When the distance G1 between the first heater 110 and the second heater 120 is less than 1.2 times or greater than 1.3 times the distance G2 between the second heater 120 and the third heater 130, there is a possibility that the temperature deviation between the sintering object moving through the first transporting roller 210 and the sintering object moving through the second transporting roller 220 may increase.

For example, the distance G1 between the first heater 110 and the second heater 120 may be 220 mm to 260 mm, and the distance G2 between the second heater 120 and the third heater 130 may be 170 mm to 210 mm, but the present disclosure is not limited thereto.
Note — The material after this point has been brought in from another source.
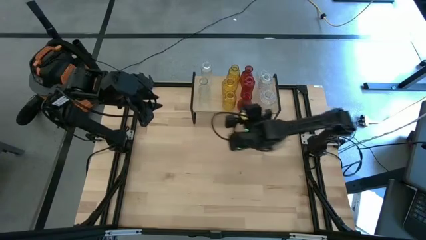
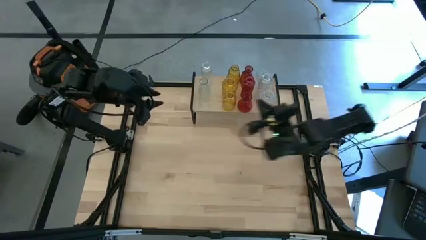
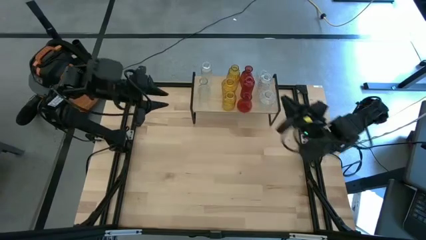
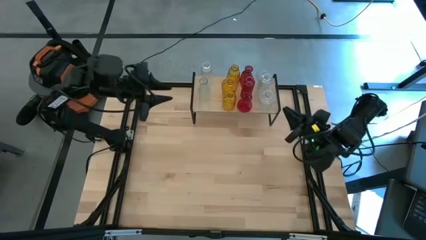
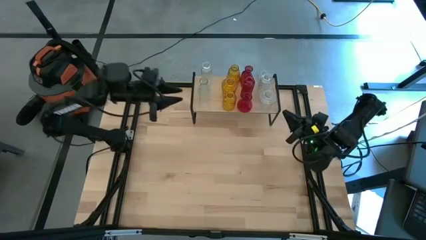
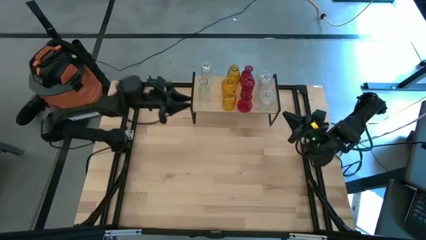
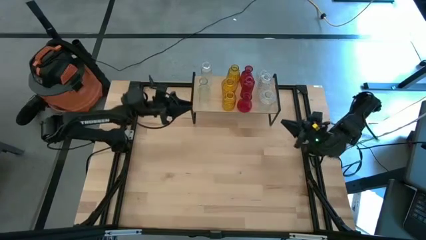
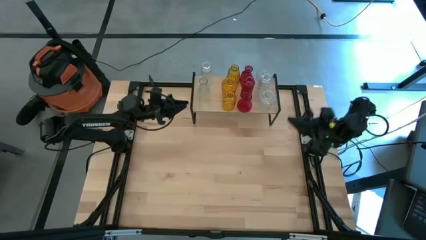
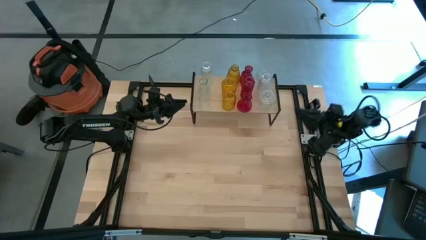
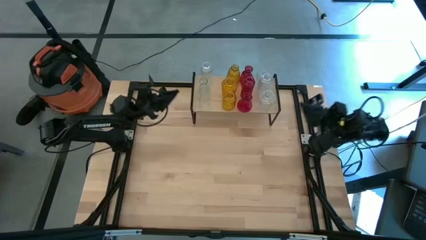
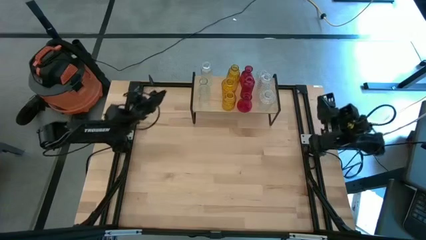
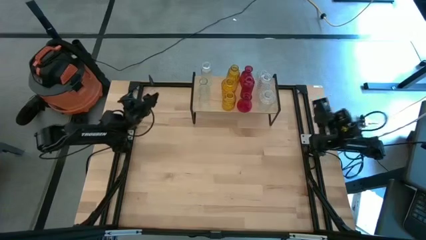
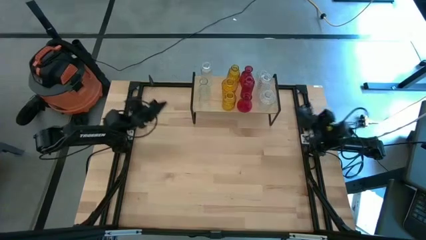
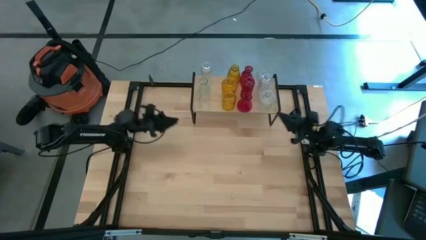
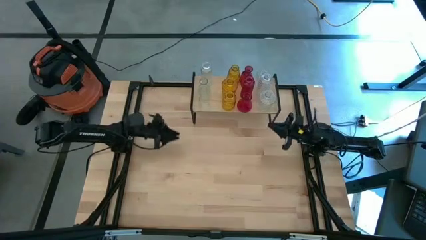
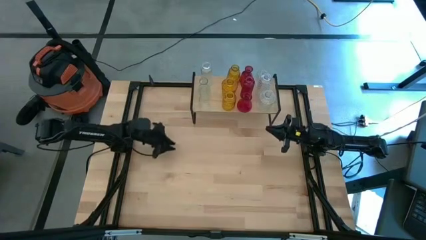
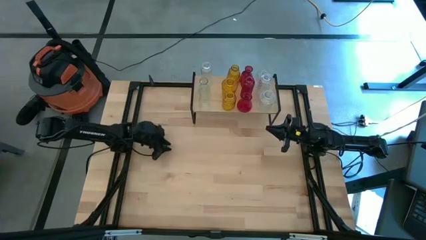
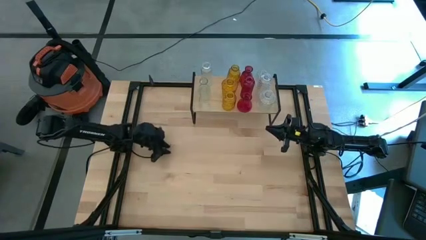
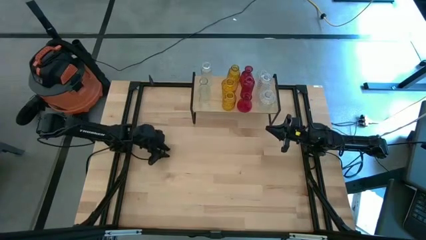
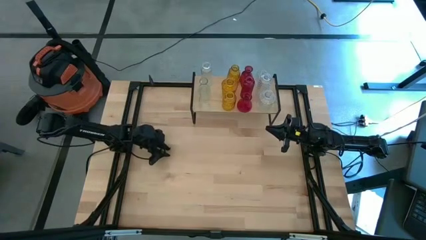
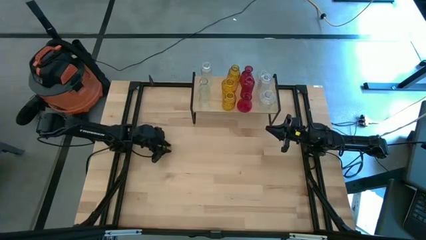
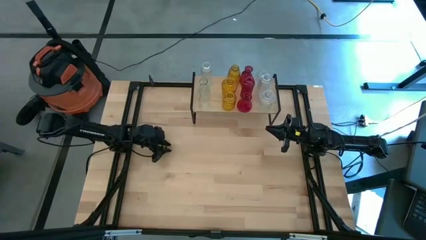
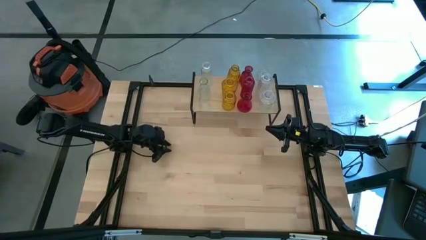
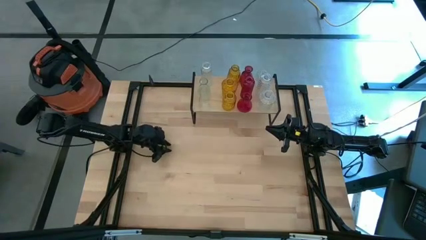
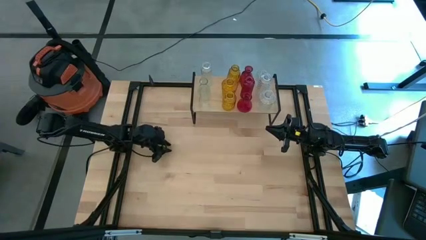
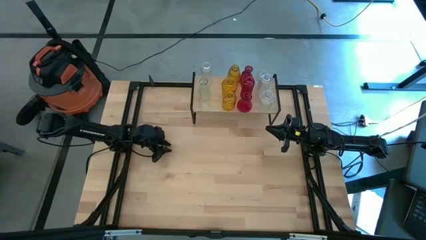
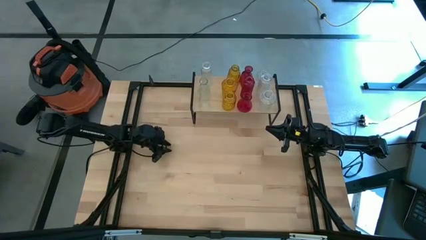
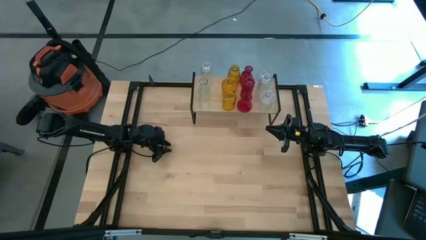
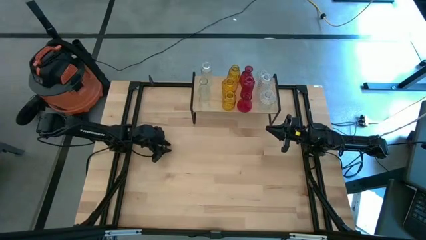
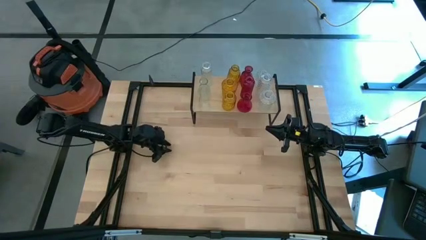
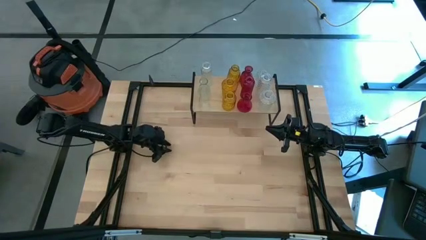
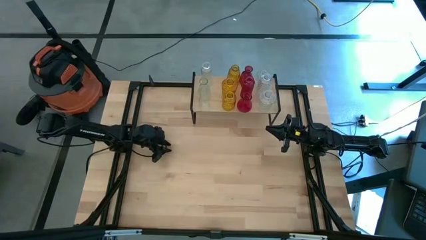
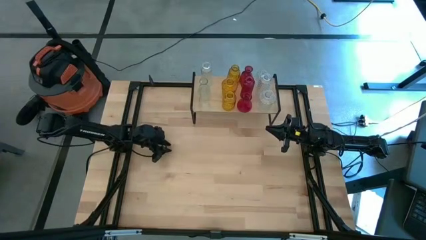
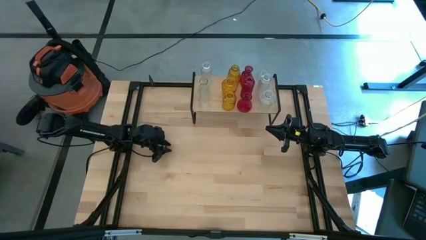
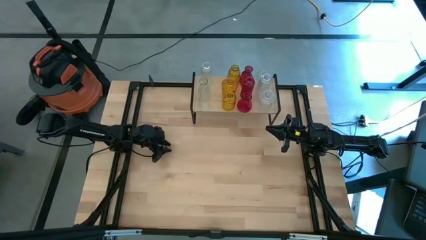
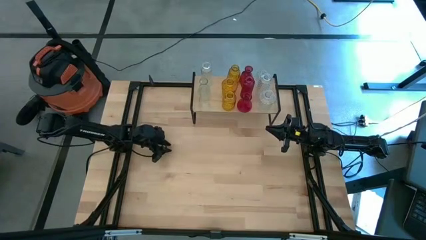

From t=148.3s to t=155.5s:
Task: sort vases onto shelf
Return to Home Position

In an embodiment, a heat insulating wall may not be disposed between the first transporting roller 210 and the second transporting roller 220.

When a heat insulating wall is disposed between the first transporting roller 210 and the second transporting roller 220, because heat transfer to the upper and lower portion of the internal passage 510 is restricted, there is a possibility that the temperature deviation between the sintering object moving through the first transporting roller 210 and the sintering object moving through the second transporting roller 220 may increase.

Currently, a roller hearth kiln (RHK) firing furnace which is mainly used for the sintering process of the MLCC has a long shape of about 17.5 m. As the manufacturing process of the MLCC changes, unnecessary periods increase, causing a very large loss of electric energy and gas for operating the firing furnace.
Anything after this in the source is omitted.